(Stored dataset items)
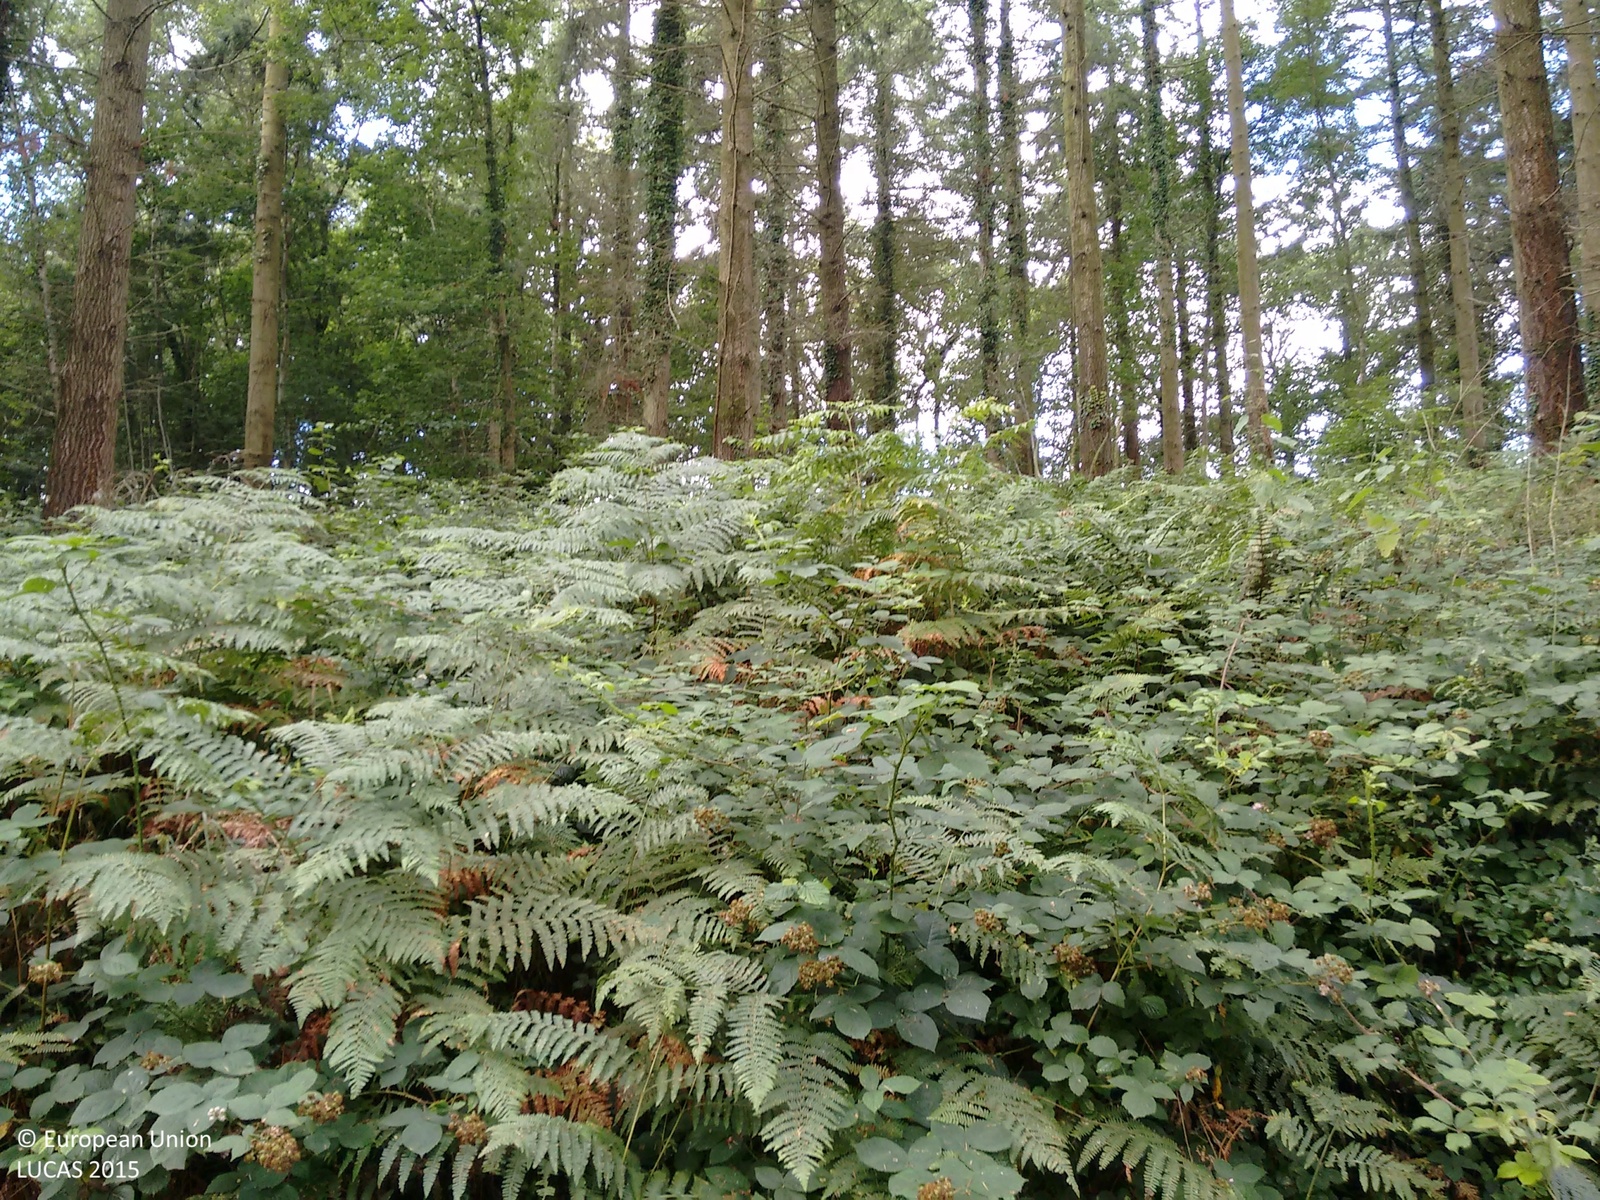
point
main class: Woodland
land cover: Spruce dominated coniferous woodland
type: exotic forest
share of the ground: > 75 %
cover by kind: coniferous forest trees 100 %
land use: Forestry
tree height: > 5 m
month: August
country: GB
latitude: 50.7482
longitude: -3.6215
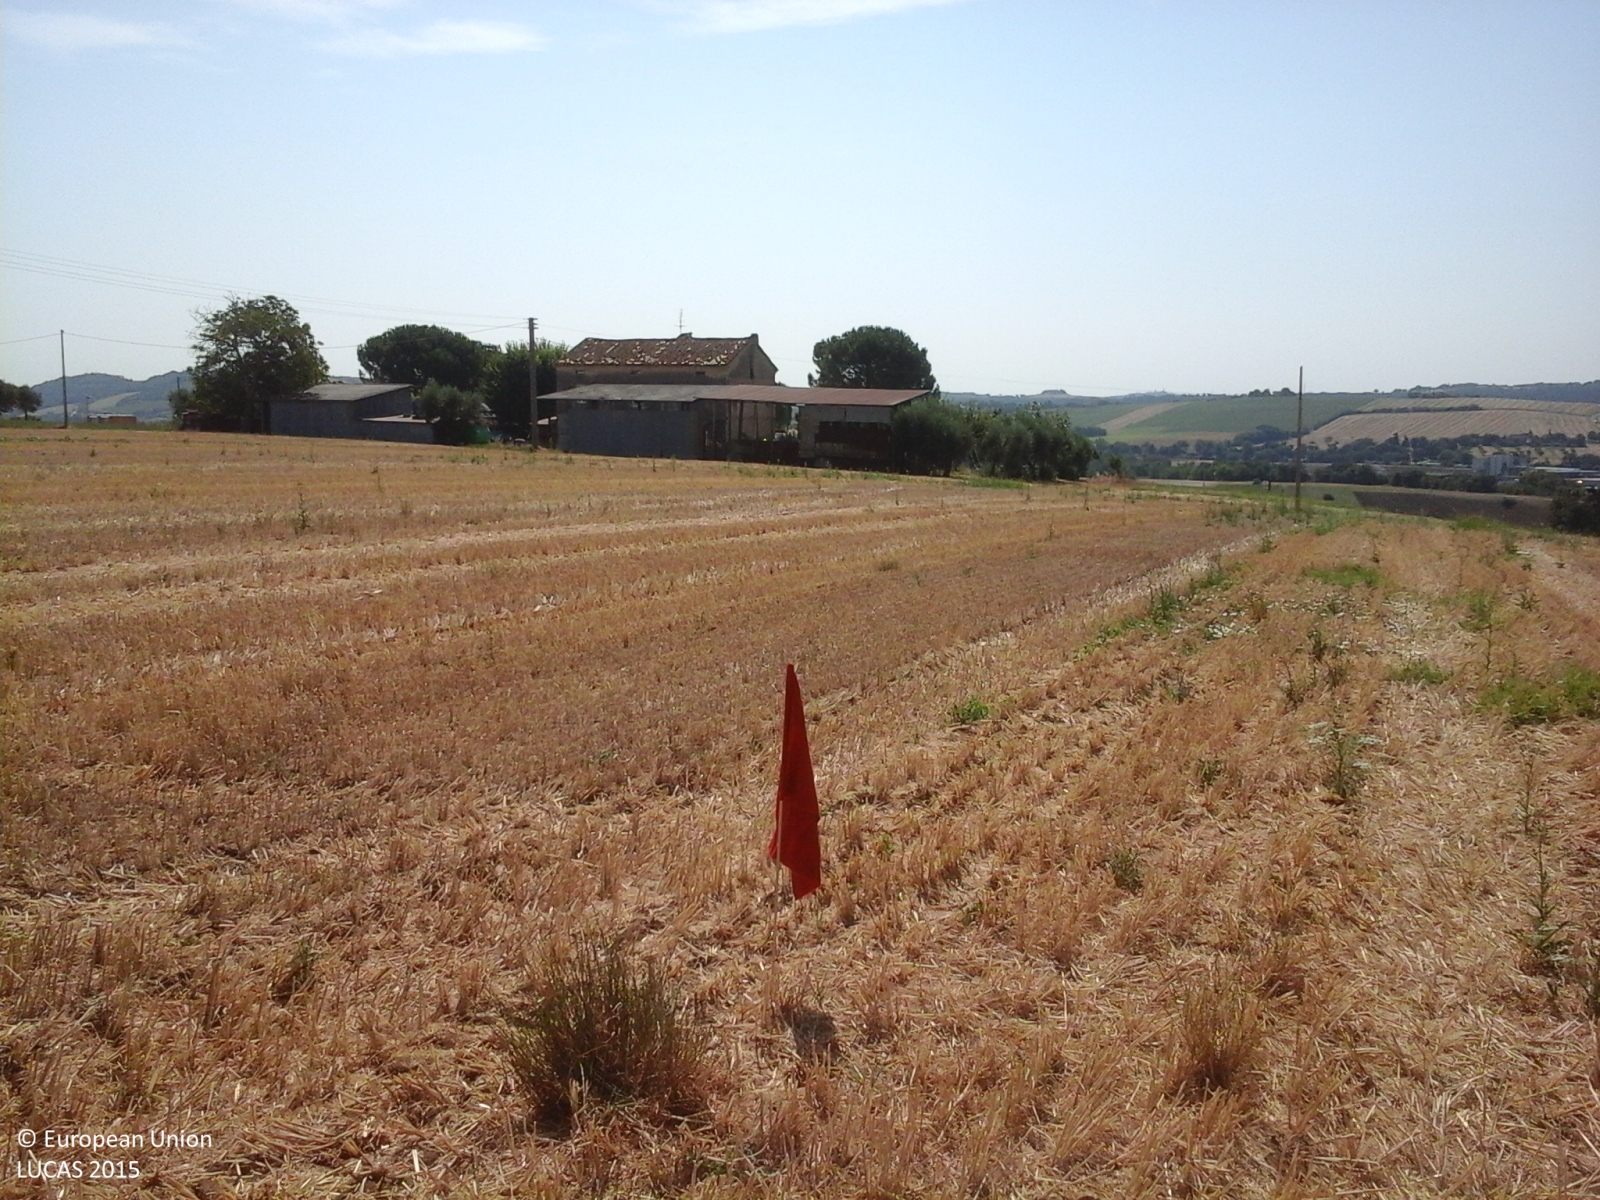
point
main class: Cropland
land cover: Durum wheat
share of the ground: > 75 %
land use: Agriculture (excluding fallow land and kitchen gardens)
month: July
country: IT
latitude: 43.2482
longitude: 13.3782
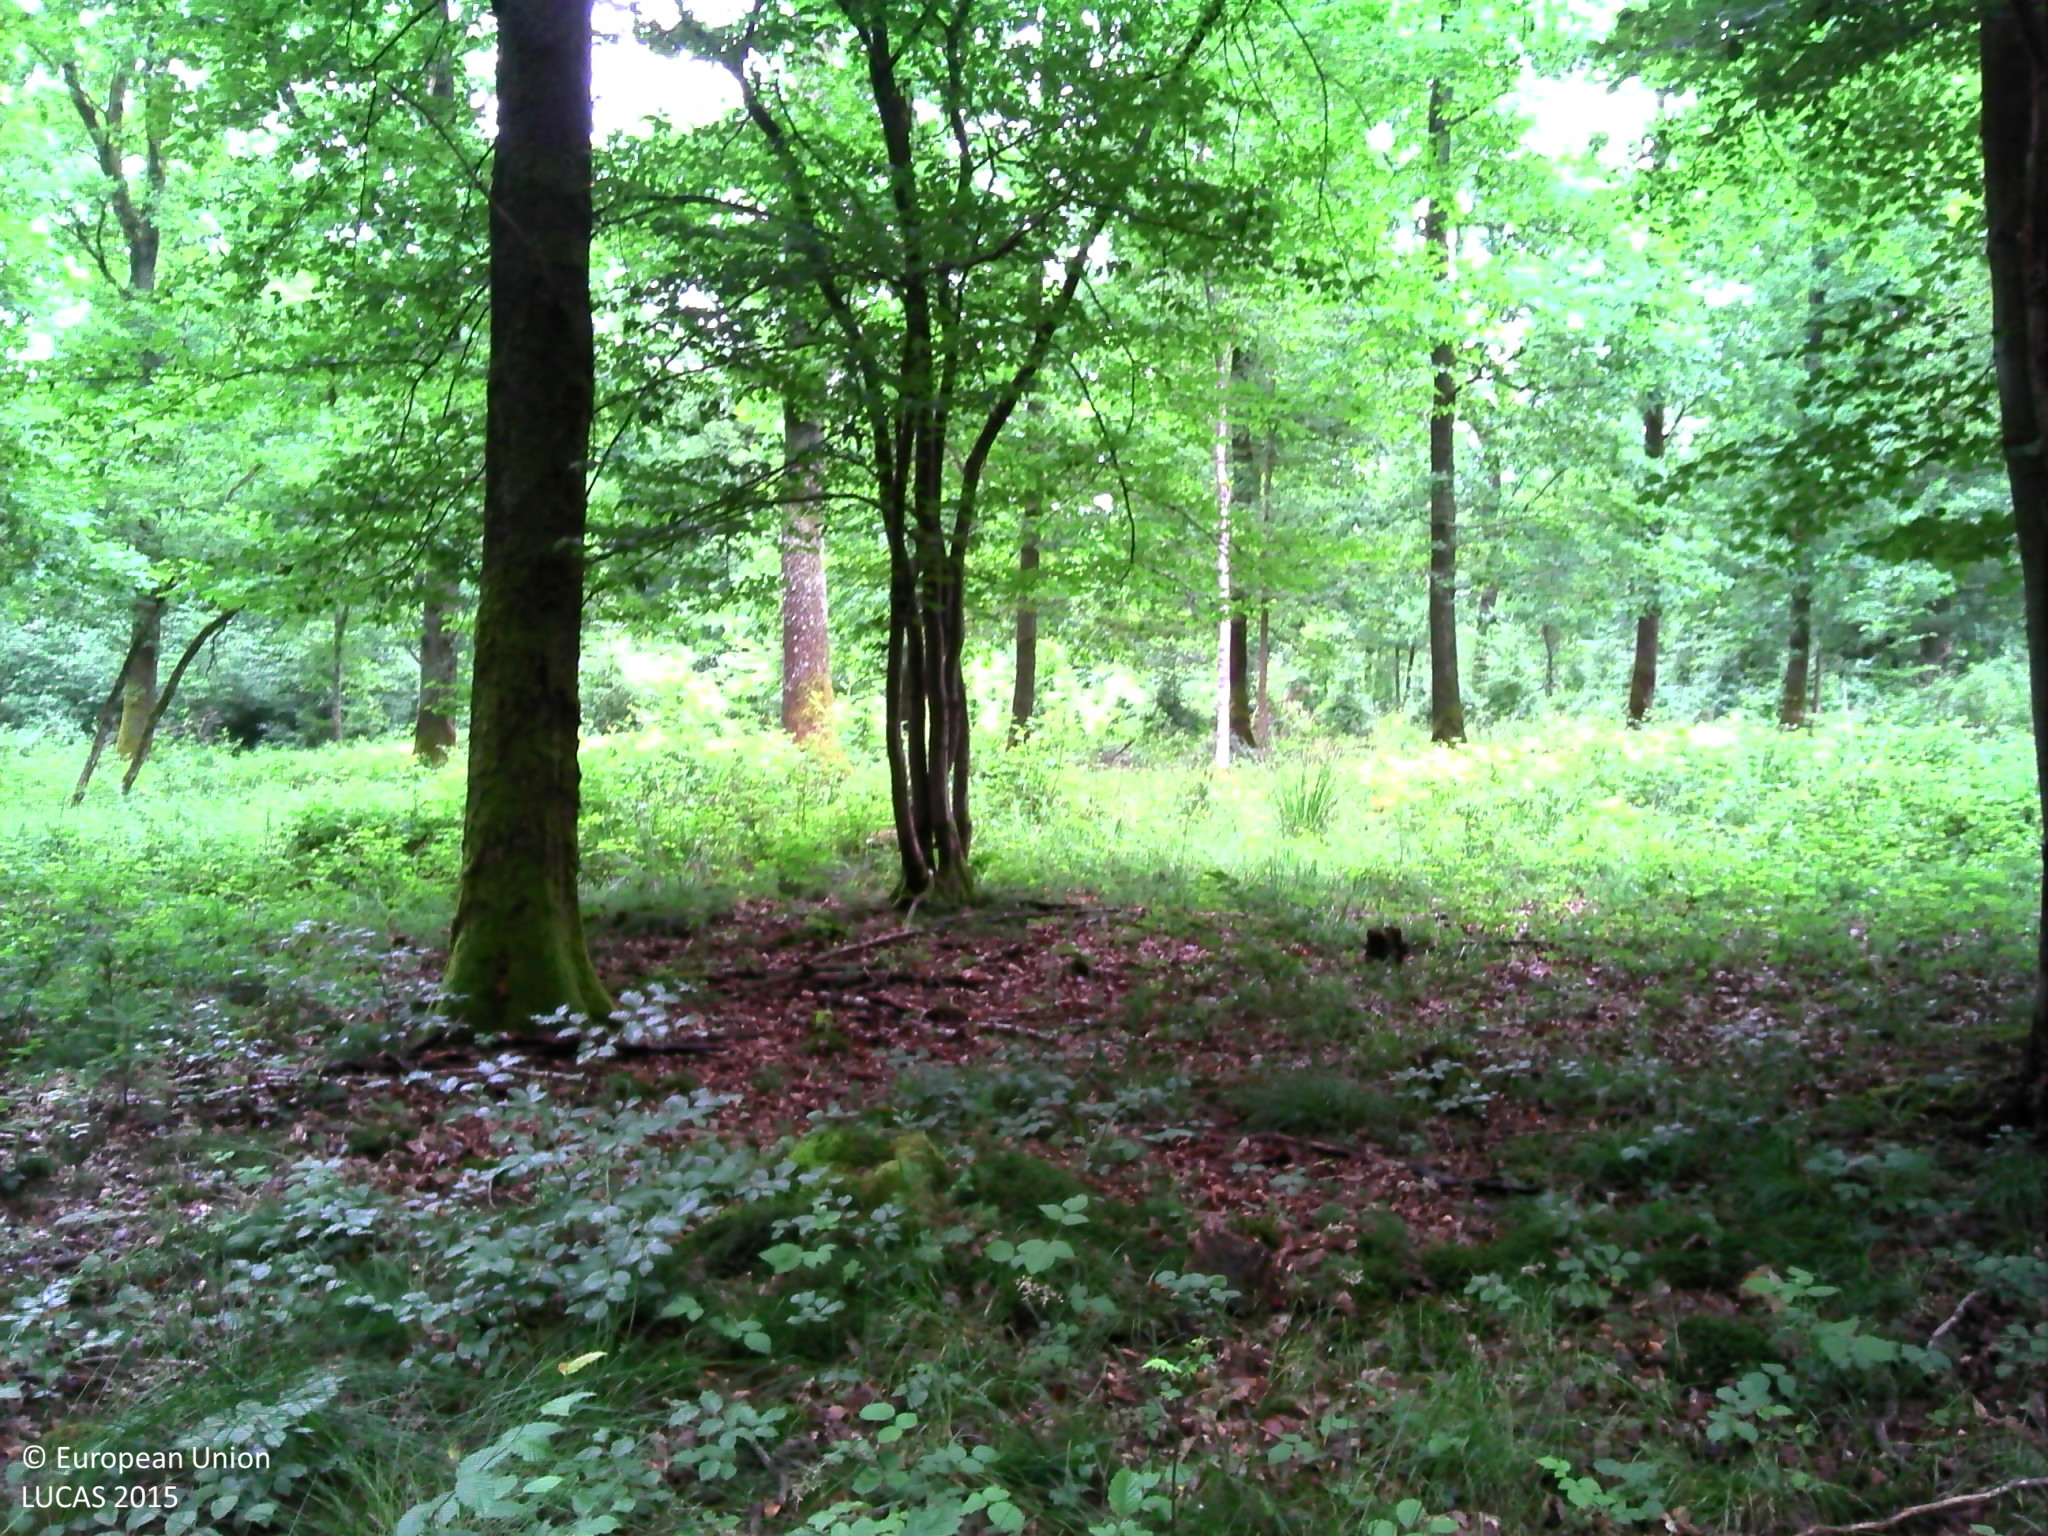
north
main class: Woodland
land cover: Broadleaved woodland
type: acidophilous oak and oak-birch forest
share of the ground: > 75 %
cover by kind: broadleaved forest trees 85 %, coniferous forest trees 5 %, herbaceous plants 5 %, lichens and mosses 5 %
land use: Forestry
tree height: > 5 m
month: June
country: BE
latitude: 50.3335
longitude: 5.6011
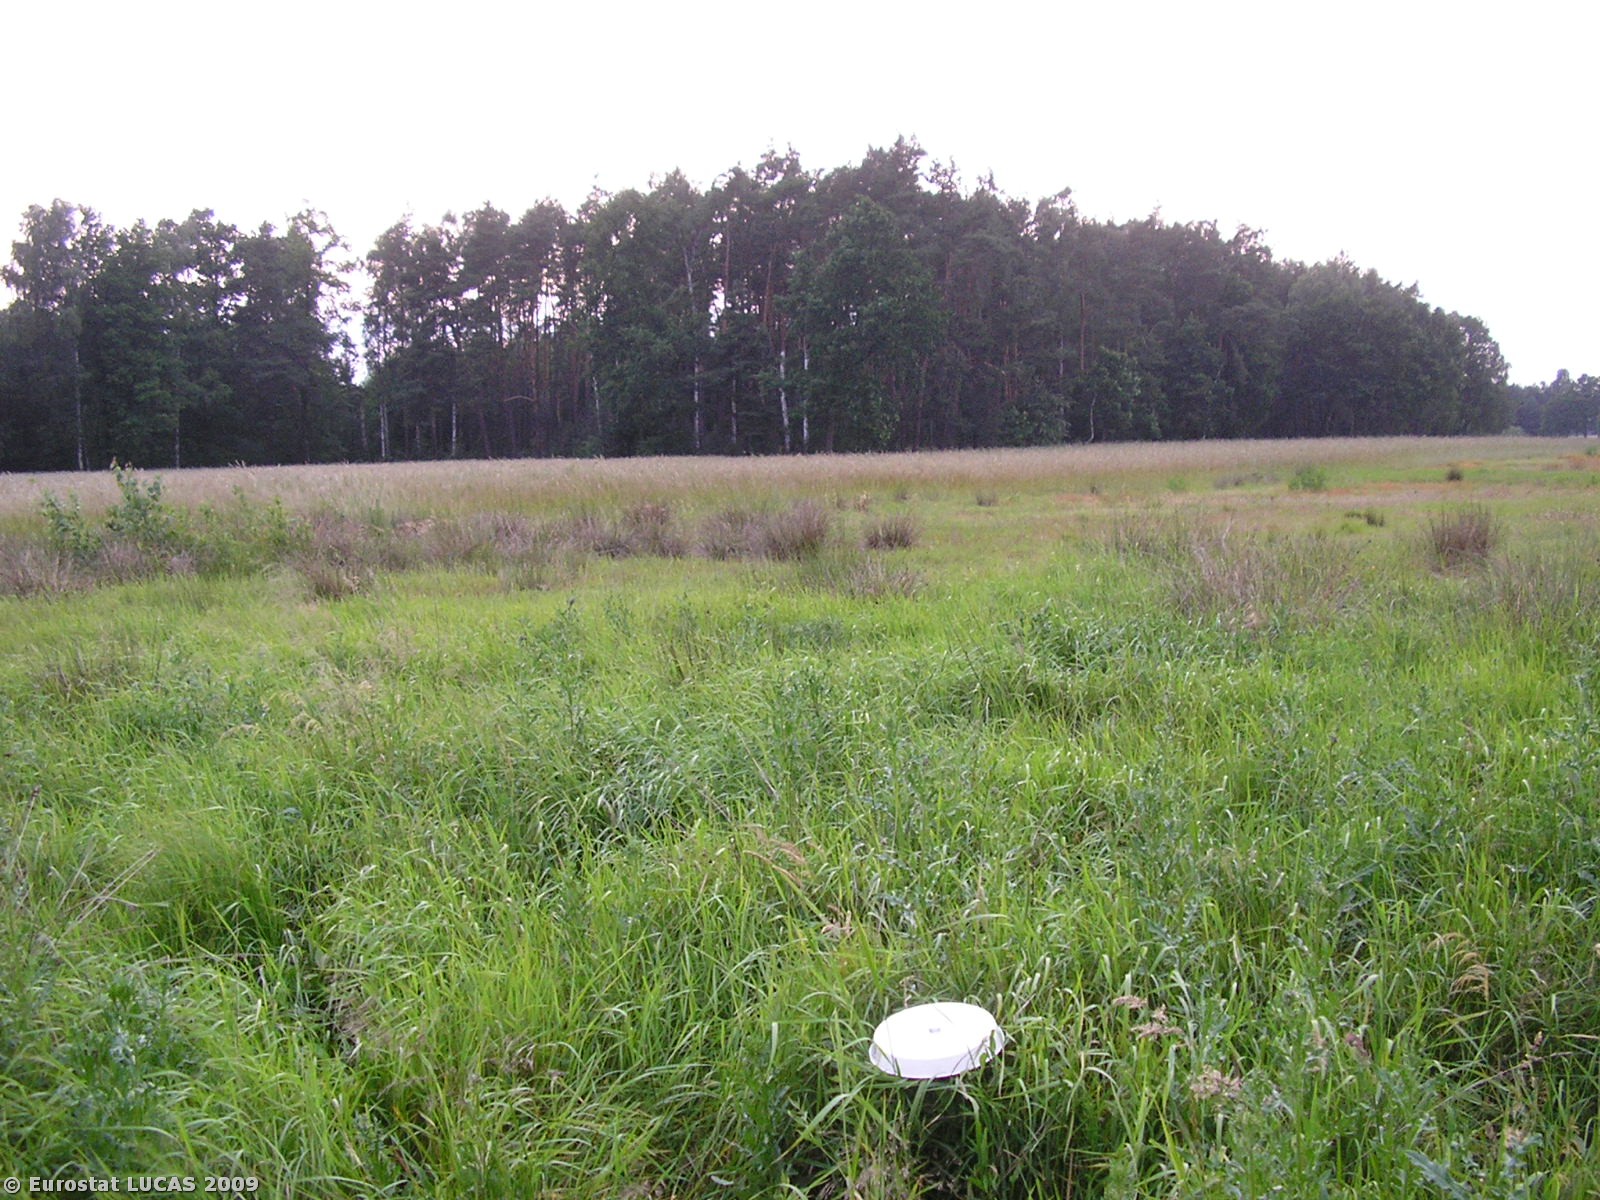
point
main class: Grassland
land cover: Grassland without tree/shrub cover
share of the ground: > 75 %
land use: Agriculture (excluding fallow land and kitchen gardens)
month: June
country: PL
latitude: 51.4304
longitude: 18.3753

*Exercise details*:
When a line contains the string "longitude", copy it from the records.

*Reply*:
longitude: -3.6215
longitude: 13.3782
longitude: 5.6011
longitude: 18.3753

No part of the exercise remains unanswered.